## [Dataset records]
○ ○ ○ ○ ○ ○ ○

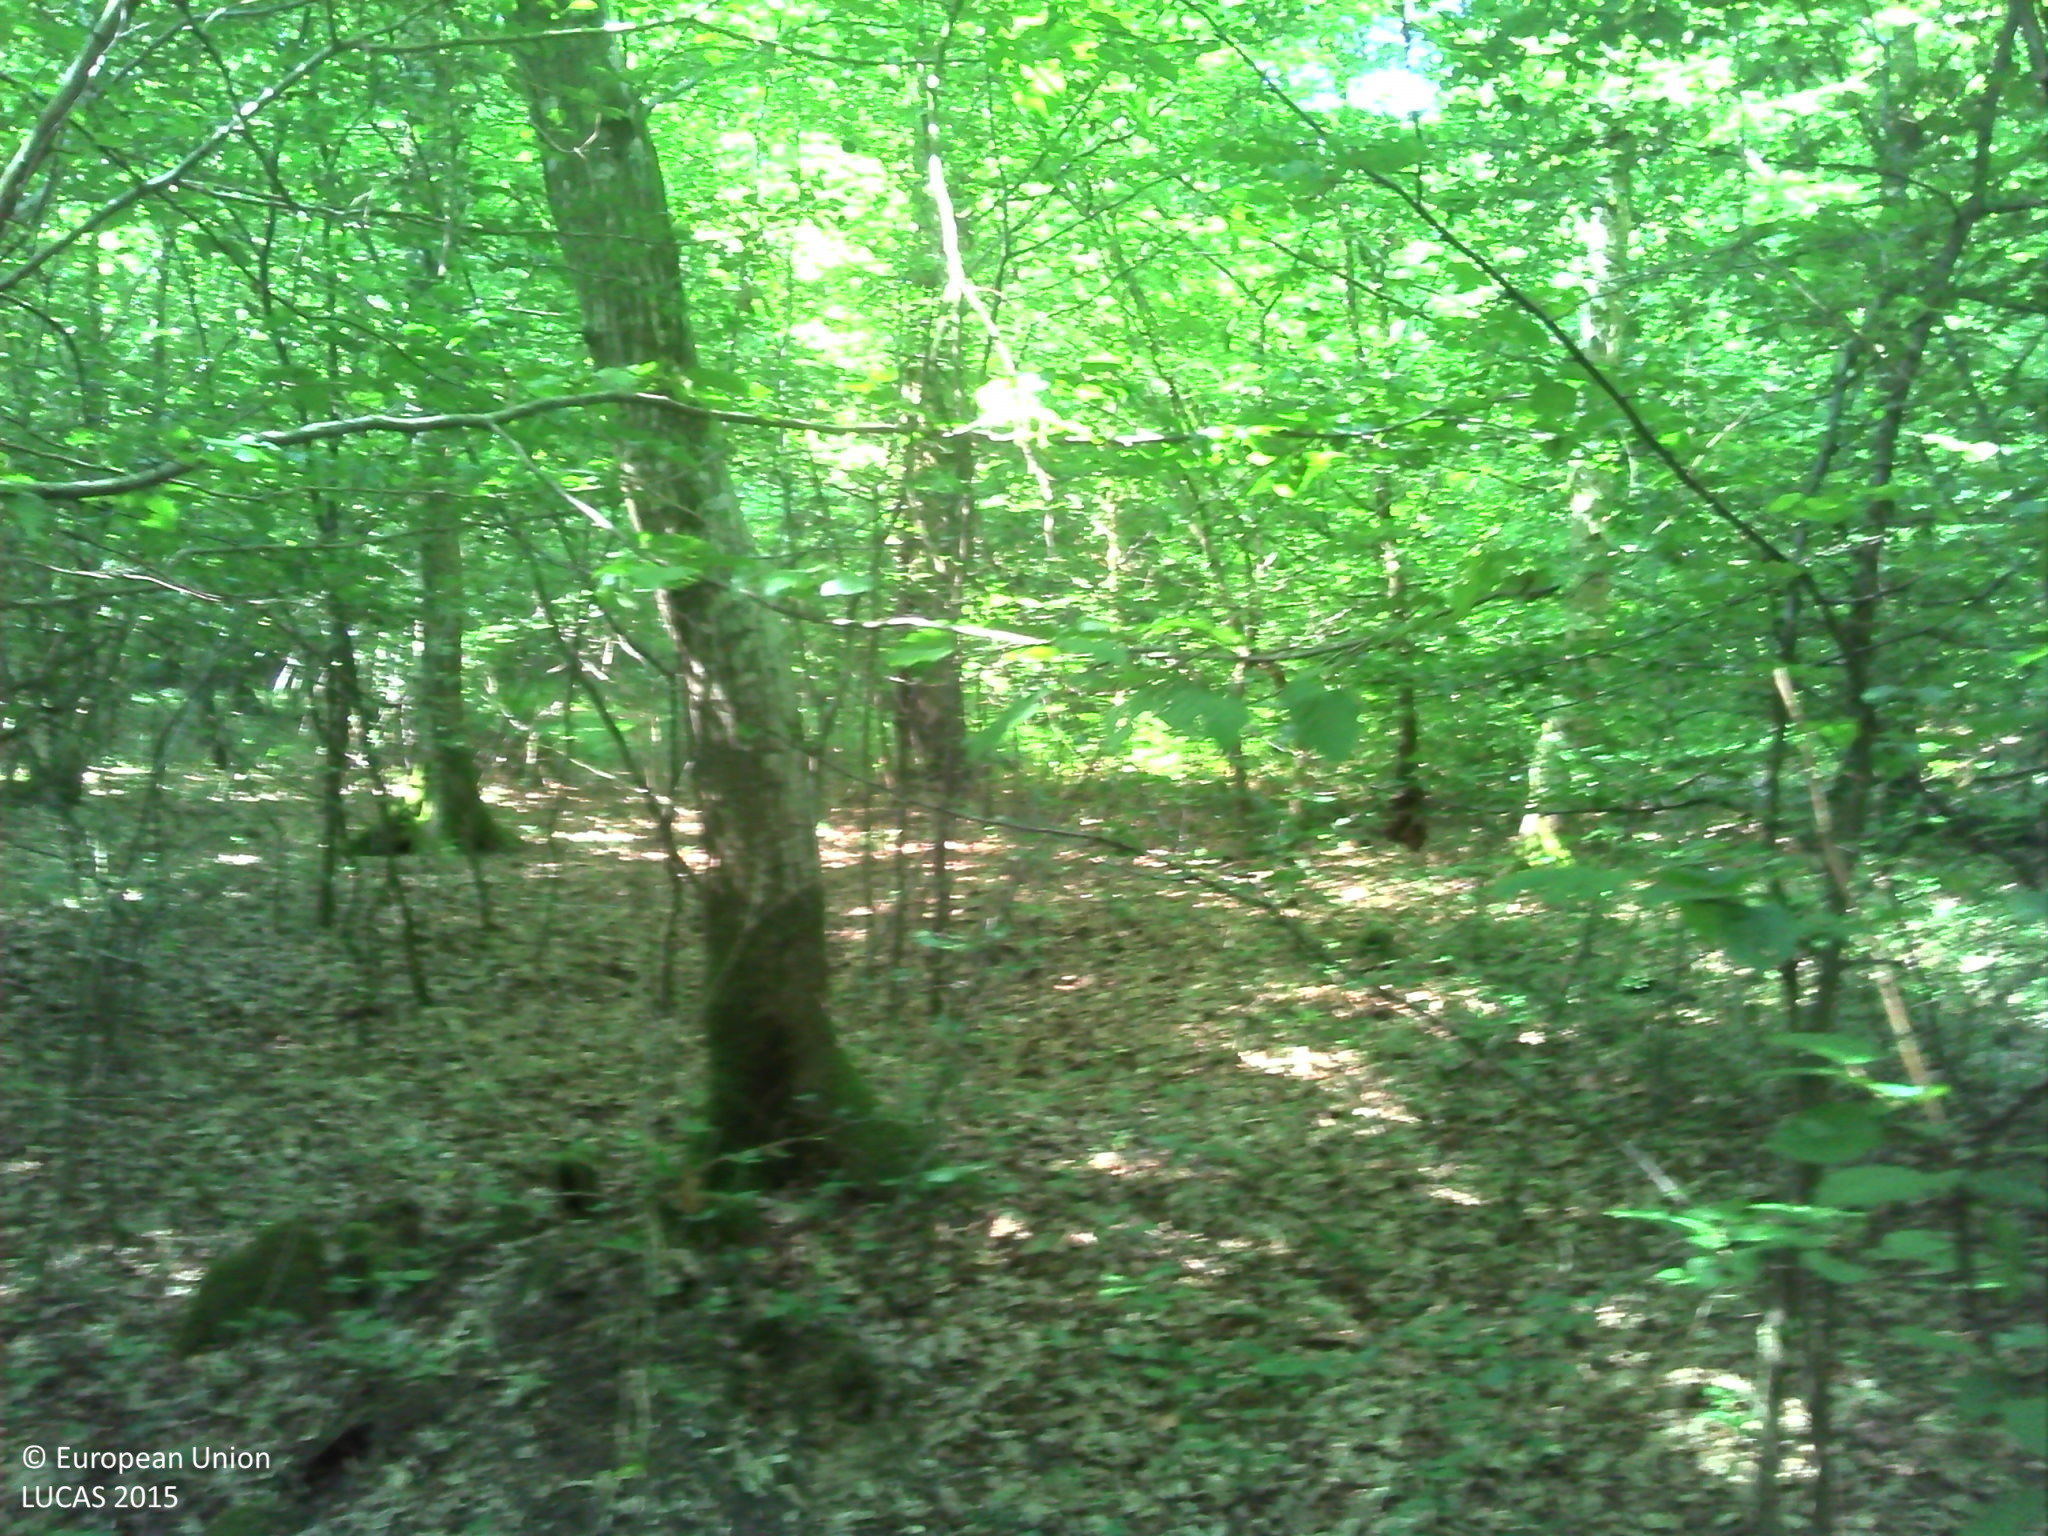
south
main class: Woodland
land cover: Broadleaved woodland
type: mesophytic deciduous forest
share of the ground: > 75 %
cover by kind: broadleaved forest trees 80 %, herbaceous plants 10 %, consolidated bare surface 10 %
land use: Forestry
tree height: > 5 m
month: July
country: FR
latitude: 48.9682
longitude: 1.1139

○ ○ ○ ○ ○ ○ ○

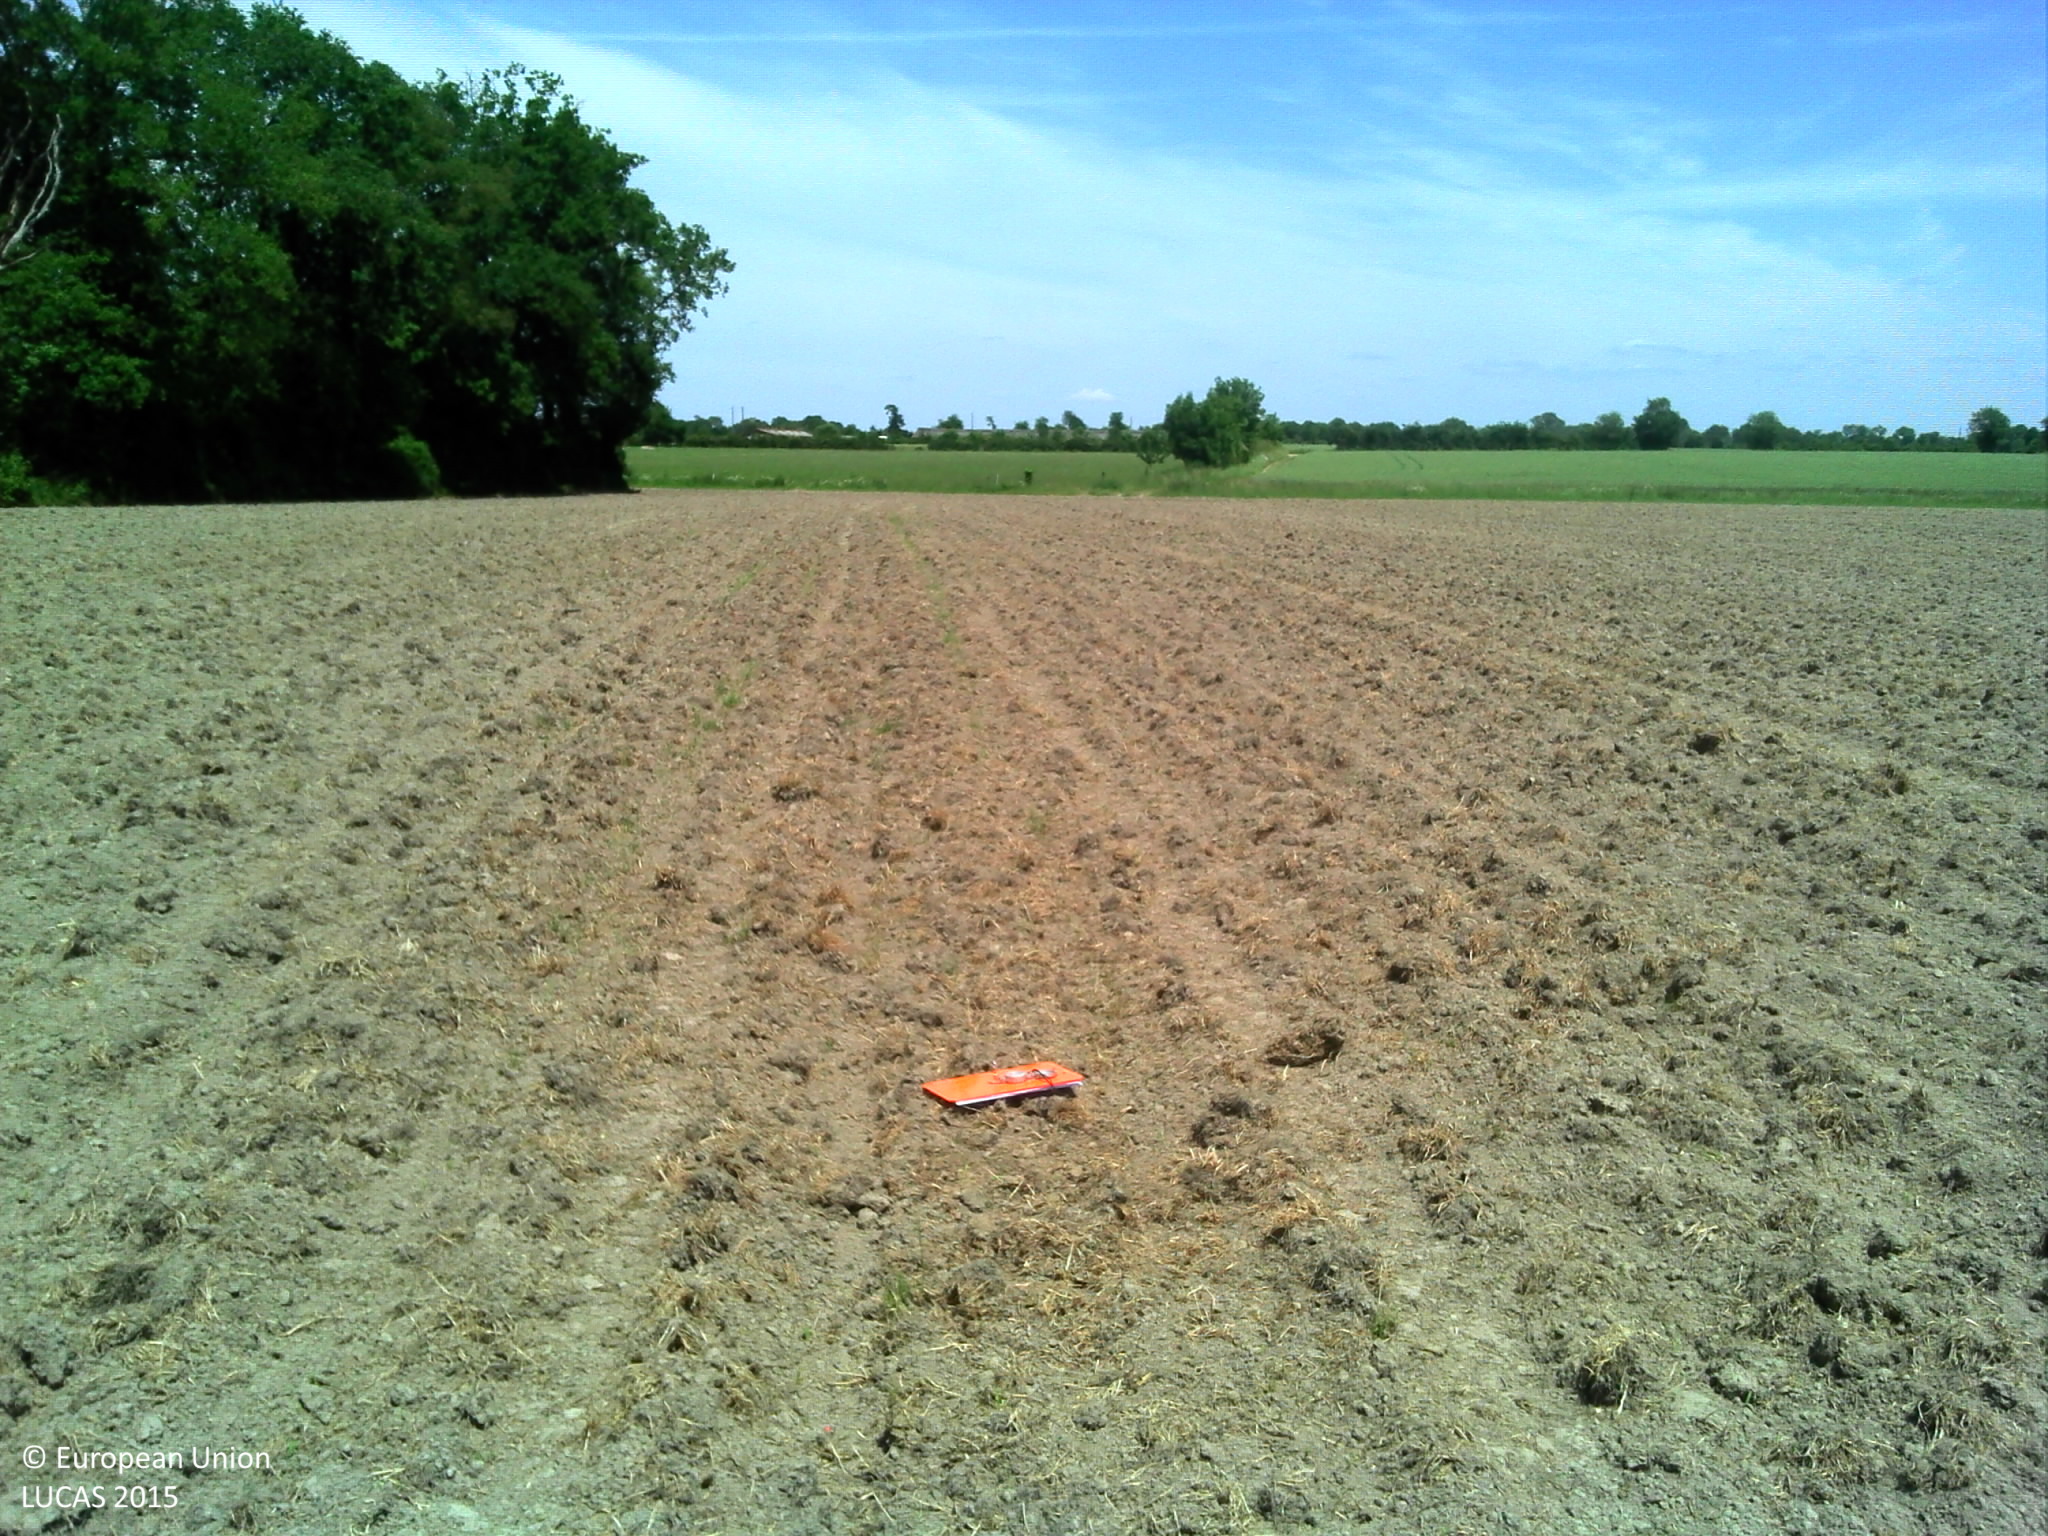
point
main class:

○ ○ ○ ○ ○ ○ ○

## [Assignment]
Of all the entries above, repeat only the lines from the line that has "type: mesophytic deciduous forest" to the line that has "longitude: 1.1139", both lines included, exactly.

## [Exercise output]
type: mesophytic deciduous forest
share of the ground: > 75 %
cover by kind: broadleaved forest trees 80 %, herbaceous plants 10 %, consolidated bare surface 10 %
land use: Forestry
tree height: > 5 m
month: July
country: FR
latitude: 48.9682
longitude: 1.1139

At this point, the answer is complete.